* **TASK REQUIREMENTS**
For this exercise, retype all the data exactly and exclude every image.

* **Dataset entries**
========================================================================

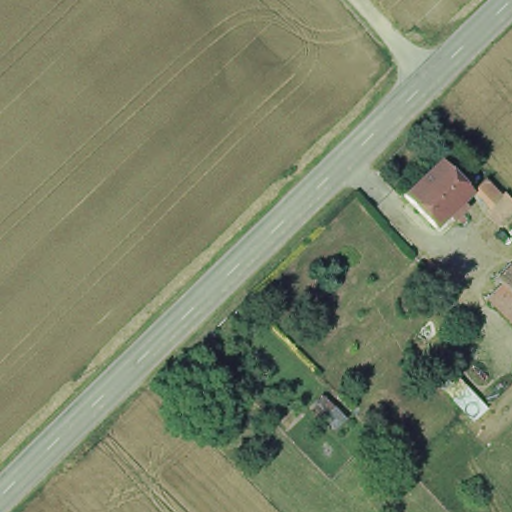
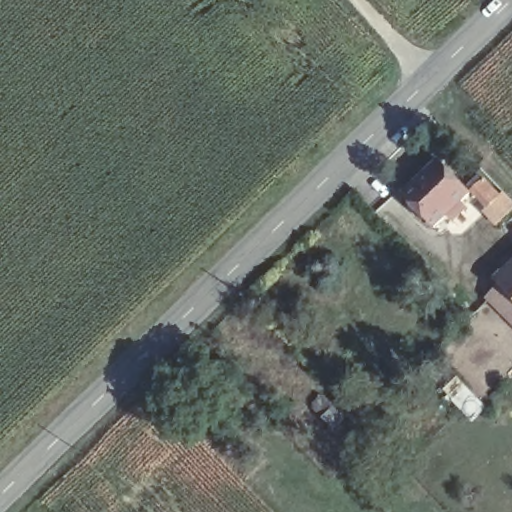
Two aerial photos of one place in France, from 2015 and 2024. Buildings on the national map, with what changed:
unchanged [(445,225),(438,218),(425,229),(393,195),(430,160),(462,194),(453,203),(460,211),(445,225)]
unchanged [(505,206),(488,223),(477,211),(482,205),(465,188),(473,179),(491,198),(494,195),(505,206)]
unchanged [(480,292),(485,288),(512,261),(512,325),(480,292)]

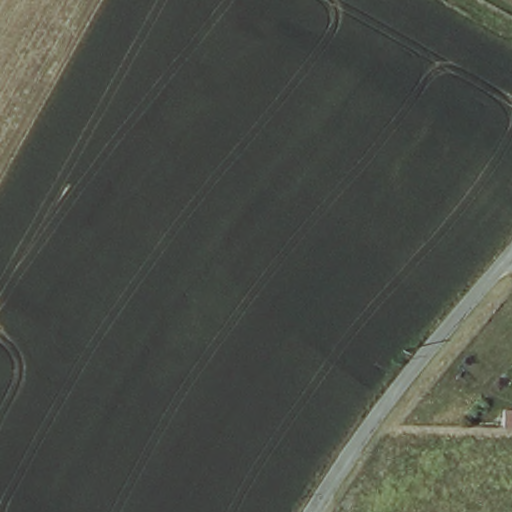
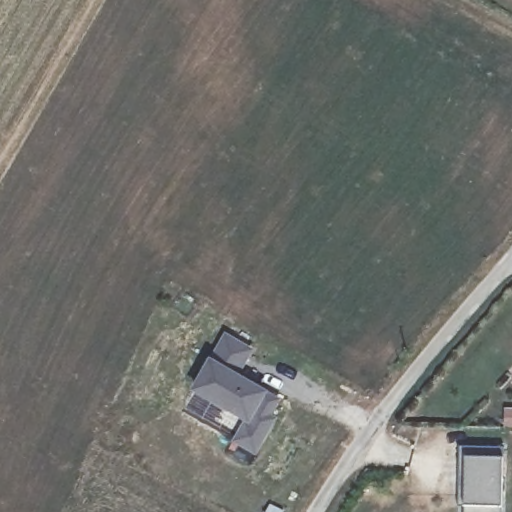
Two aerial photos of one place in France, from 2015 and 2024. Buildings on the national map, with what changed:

========================================================================

* **RESULT OF THE EXERCISE**
Two aerial photos of one place in France, from 2015 and 2024. Buildings on the national map, with what changed:
unchanged [(445,225),(438,218),(425,229),(393,195),(430,160),(462,194),(453,203),(460,211),(445,225)]
unchanged [(505,206),(488,223),(477,211),(482,205),(465,188),(473,179),(491,198),(494,195),(505,206)]
unchanged [(480,292),(485,288),(512,261),(512,325),(480,292)]

Two aerial photos of one place in France, from 2015 and 2024. Buildings on the national map, with what changed:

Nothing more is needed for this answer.